The max_img parameter specifies the size of the dataset.
The elem_drops parameter specifies a list of WordScape entity IDs to drop. In the above example, these are 14 (table_header), 28 (table_row) and 29 (table_column). For all entity IDs, see the settings module.
The elem_mergings object specifies which WordScape entity classes should be mapped to another entity class; keys of the mapping object are mapped to values. The masters object specifies the name of the new merged class. Note that any entity ID appearing as a value in the mapping object must contain an entry in the masters object.
The elem_mins object specifies the minimum number of representative pages for a given entity ID. The above entry of "1": 20000 guarantees that at least 20'000 pages which contain at least one entity of class 1 will be contained in the resulting dataset, given that enough such pages exist above the configured quality threshold and conformant to the language filter. Note that this takes elem_mergings into account; in the above example, entity ID 2 is mapped to 1, so an entry in elem_mins with entity ID 2 as its key would have no effect.
The scanify parameter, if set to true, configures the augmentation of the page images using the augraphy library.
The quality_threshold parameter is the minimum WordScape annotation quality metric that a page must meet to be considered for inclusion into the dataset.
The language_codes parameter defines a list of languages (based on extraction via fasttext). One of the configured languages must be the main content language of a page for that page to be considered for inclusion into the dataset.
The language_code_threshold parameter defines the minimum confidence of the fasttext content language prediction for a page to be considered for inclusion into the dataset.

Run dataset creation

Once a configuration has been created, to create a dataset for a YOLO model, run:

python ./src/extensions/obj_detection/spaceml/ws_yolo_dataprep.py -ec path_to_config.json -op path_to_output_dataset -np 1

Note that the np argument specifies the number of processes used by the dataset creator; this can be increased to speed up creation.

Training a YOLOv5 model

After a training dataset has been created, train the YOLOv5l model by running:

OMP_NUM_THREADS=12 python -m torch.distributed.run --nproc_per_node 6 ./src/extensions/obj_detection/spaceml/ws_yolo_experimentrun.py \
-cp /mnt/scratch/thannerv/msc-data/my_yolo_data/dataset.yaml -gu "2,3,4,5,6,7" -gb 8 -ep 45  \
-on "my_experiment_name" -rw 1

The OMP_NUM_THREADS=12 and -m torch.distributed.run settings are recommended for running pytorch models in a multi-GPU setting.
The nproc_per_node argument must match the number of GPUs employed.
The cp argument is the path to the dataset config file (created in the previous step).
The gu argument specifies the GPU IDs to use in training.
The gb argument specifies the batch size to use, per employed GPU.
The ep argument specifies the number of training epochs.
The on argument optionally sets a custom experiment name.
The rw flag, if set, initializes training from random weights (as opposed to the pretrained YOLO weights).

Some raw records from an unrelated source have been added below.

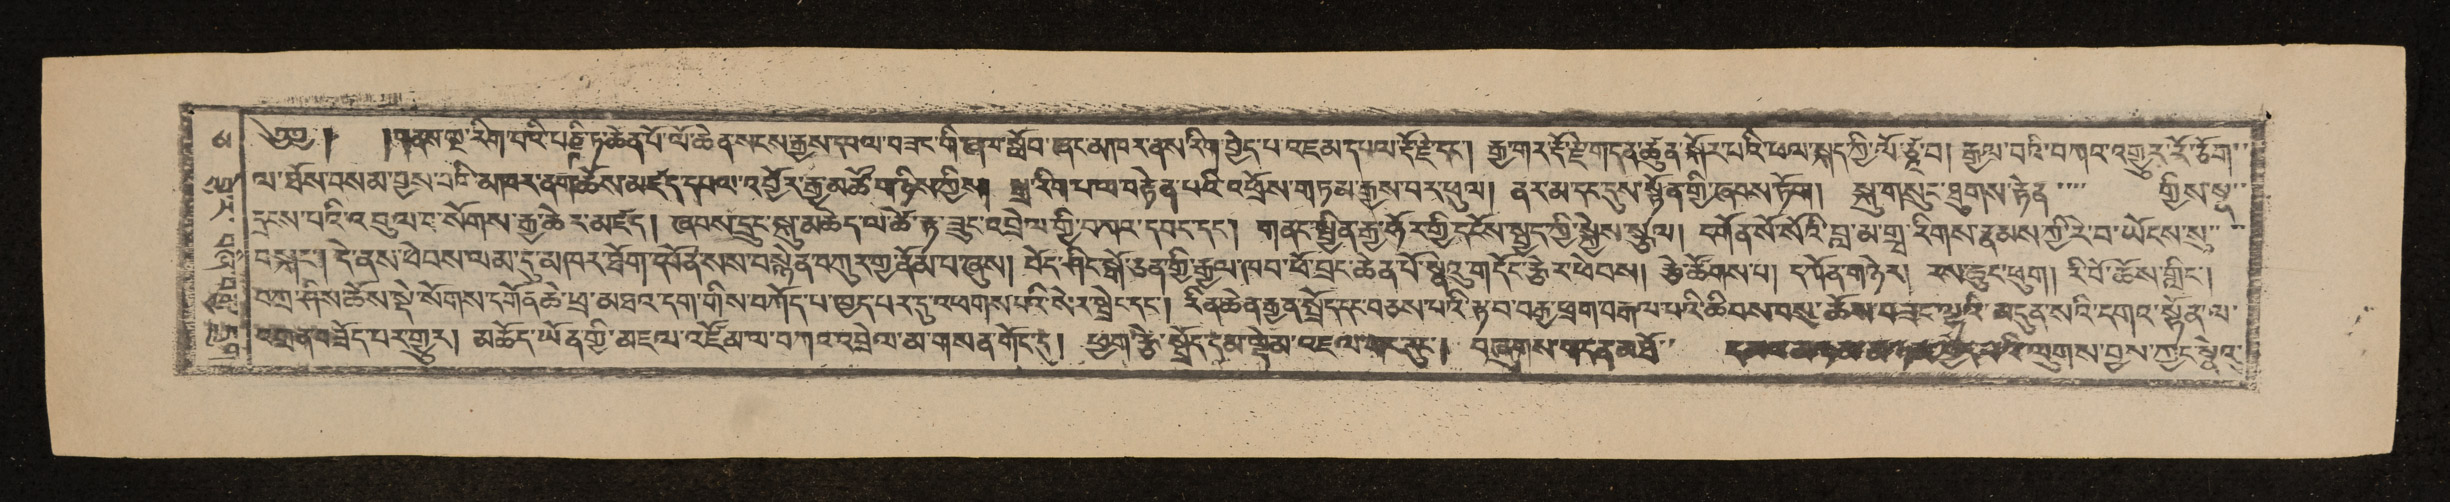༄༅། །གནས་ལྔ་རིག་པའི་པཎྜི་ཏ་ཆེན་པོ་ལོ་ཆེན་སངས་རྒྱས་དཔལ་བཟང་གི་ཞལ་སློབ་ཞང་མཁར་ནས་རིག་བྱེད་པ་འཇམ་དཔལ་རྡོ་རྗེ་དང་། རྒྱ་གར་རྡོ་རྗེ་གདན་ཚུན་སྐོར་པའི་ཕལ་སྐད་ཀྱི་ལོ་ཙཱ་བ། རྒྱལ་
བའི་བཀའ་འགྱུར་རོ་ཅོག་ལ་ཐོས་བསམ་བྱས་པའི་མཁར་ནག་ཆོས་མཛད་དཔལ་འབྱོར་རྒྱ་མཚོ་གཉིས་ཀྱིས། སྒྲ་རིག་པ་ལ་བརྟེན་པའི་འཕྲོས་གཏམ་རྒྱས་པར་ཕུལ། ནར་མ་དང་དུས་སྟོན་གྱི་ཞབས་ཏོག། སྐུ་གསུང་
ཐུགས་རྟེན་གྱིས་སྣ་དྲངས་པའི་འབུལ་བ་སོགས་རྒྱ་ཆེར་མཛད། ཞབས་དྲུང་སྐུ་མཆེད་ལ་ཚེ་རྟ་ཟུང་འབྲེལ་གྱི་བཀའ་དབང་དང་། གནད་སྦྱིན་རྒྱ་ཧོར་གྱི་དངོས་སྤྱད་ཀྱི་སྐྱེས་སྩལ། དགོན་སོ་སོའི་བླ་མ་གྲྭ་རིགས་རྣམས་ཀྱི་རེ་བ་
ཡོངས་སུ་བསྐང་། དེ་ནས་ཕེབས་ལམ་དུ་མཁར་ཐོག་དཔོན་སས་བསྙེན་བཀུར་གྱ་ནོམ་བ་ཞུས། བོད་ཤིང་སྒོ་ཅན་གྱི་རྒྱལ་ཁབ་ཕོ་བྲང་ཆེན་པོ་སྣེའུ་གདོང་རྩེར་ཕེབས། རྩེ་ཚོགས་པ། དཀོན་གཉེར། རས་ཆུང་ཕུག། རི་བོ་
ཆོས་གླིང་། བཀྲ་ཤིས་ཆོས་སྡེ་སོགས་དགོན་ཆེ་ཕྲ་མཐའ་དག་གིས་བཀོད་པ་ཁྱད་པར་དུ་འཕགས་པའི་སེར་སྦྲེང་དང་། རིན་ཆེན་རྒྱན་སྤྲོད་དང་བཅས་པའི་རྒྱ་ཕྲག་བརྒལ་བའི་ཆིབས་བསུ་ཆོས་བཟང་ལྷའི་མདུན་
སའི་དགའ་སྟོན་ལ་འགྲན་བཟོད་པར་གྱུར། མཆོད་ཡོན་གྱི་མཇལ་འཛོམ་ལ་བཀའ་འབྲེལ་མ་གསན་གོང་དུ། ཕྱག་རྩེ་སྤྲོད་དམ་ལྡེམ་འཇལ་གང་རུང་། བཞུགས་གདན་མཐོ་དམའ་མཉམ་མཉམ་བྱེད་པའི་ལུགས་བྱས་

Finetuning using pretrained weights is also possible:

OMP_NUM_THREADS=12 python -m torch.distributed.run --nproc_per_node 6 ./src/extensions/obj_detection/ws_yolo_experimentrun.py \
-cp /mnt/scratch/thannerv/msc-data/yolo_xfund/zh/dataset.yaml -gu "2,3,4,5,6,7" -gb 8 -ep 45 \
-rp "/home/thannerv/msc-thesis/runs/detect/1header_balanced_quality/weights/best.pt" -on "yolo_xfund_zh_pre200k" -up 1 -lr 1

The rp argument gives the path to the pretrained weights (stored in a .pt file) from which to begin finetuning.
The up flag, if set, configures a finetuning run. If this flag is not set, but an argument is provided for rp, training is instead resumed.
The lr flag toggles learning rate decay when set.

Other Extensions

To format a WordScape dataset for training / pretraining in the LayoutLMv3 format, run:

python ./src/extensions/pretrain/layoutlmv3/data_prep/wordscape_layoutlmv3_dataprep.py -ec path_to_config.json -op path_to_output_dataset

The output dataset can be configured the same way as described in "Configure dataset parameters". This will produce a dataset conformant to the huggingface dataset library. This dataset can therefore be used together with the Huggingface LayoutLMv3 implementation.

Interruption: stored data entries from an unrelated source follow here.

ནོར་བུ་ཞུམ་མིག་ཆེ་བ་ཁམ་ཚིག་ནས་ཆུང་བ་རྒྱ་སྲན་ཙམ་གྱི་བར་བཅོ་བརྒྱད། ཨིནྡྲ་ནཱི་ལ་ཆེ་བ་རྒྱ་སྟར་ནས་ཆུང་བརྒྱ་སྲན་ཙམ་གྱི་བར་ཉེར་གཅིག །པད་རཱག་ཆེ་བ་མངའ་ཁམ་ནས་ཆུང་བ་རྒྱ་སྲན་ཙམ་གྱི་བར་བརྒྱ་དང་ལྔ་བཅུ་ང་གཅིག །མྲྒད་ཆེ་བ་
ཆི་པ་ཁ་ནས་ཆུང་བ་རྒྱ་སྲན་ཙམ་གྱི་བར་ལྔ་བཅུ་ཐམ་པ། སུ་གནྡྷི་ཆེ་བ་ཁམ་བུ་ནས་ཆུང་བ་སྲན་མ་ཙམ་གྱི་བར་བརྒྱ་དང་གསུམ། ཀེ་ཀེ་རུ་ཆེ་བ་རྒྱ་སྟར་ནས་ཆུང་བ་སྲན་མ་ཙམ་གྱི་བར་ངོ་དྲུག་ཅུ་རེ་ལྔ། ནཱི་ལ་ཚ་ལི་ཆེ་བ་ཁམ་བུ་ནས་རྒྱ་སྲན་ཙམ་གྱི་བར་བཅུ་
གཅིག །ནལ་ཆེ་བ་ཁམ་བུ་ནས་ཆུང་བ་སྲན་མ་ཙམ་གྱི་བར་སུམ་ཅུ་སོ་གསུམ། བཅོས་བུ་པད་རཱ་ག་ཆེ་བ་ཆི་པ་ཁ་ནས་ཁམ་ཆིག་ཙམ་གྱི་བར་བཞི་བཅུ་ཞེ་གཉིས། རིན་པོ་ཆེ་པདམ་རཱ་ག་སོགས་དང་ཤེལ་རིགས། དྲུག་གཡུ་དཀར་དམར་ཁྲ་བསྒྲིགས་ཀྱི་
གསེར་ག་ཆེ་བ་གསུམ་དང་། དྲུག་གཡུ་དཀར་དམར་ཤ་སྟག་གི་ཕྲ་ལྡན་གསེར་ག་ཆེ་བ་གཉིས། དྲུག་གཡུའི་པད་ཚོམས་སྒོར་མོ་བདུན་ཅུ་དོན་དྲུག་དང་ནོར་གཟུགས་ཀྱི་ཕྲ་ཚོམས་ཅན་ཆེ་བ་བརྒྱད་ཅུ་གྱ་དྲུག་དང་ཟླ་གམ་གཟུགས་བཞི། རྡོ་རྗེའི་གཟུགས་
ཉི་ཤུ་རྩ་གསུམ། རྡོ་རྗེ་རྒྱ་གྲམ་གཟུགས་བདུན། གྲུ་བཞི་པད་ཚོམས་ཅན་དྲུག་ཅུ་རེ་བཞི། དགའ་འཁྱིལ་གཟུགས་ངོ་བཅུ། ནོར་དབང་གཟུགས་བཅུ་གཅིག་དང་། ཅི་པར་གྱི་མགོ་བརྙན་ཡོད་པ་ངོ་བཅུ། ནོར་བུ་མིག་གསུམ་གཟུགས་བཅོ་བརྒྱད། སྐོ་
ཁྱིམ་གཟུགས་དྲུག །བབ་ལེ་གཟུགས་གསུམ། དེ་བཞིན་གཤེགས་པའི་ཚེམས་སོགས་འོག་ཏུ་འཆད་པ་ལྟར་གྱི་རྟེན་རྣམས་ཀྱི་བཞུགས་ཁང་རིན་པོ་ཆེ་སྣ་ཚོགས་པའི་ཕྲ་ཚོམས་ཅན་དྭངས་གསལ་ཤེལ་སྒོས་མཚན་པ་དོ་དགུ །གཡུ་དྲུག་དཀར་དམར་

To format the PubLayNet dataset into a YOLO-compatible format, first download the PubLayNet full dataset from this link.

Once this is downloaded, run:

python ./src/extensions/obj_detection/data_prep/publaynet_yolo_formatter.py -pp path_to_publaynet_dir -op path_to_output_dataset

To format the DocLayNet dataset into a YOLO-compatible format, first download the DocLayNet Core dataset from this link.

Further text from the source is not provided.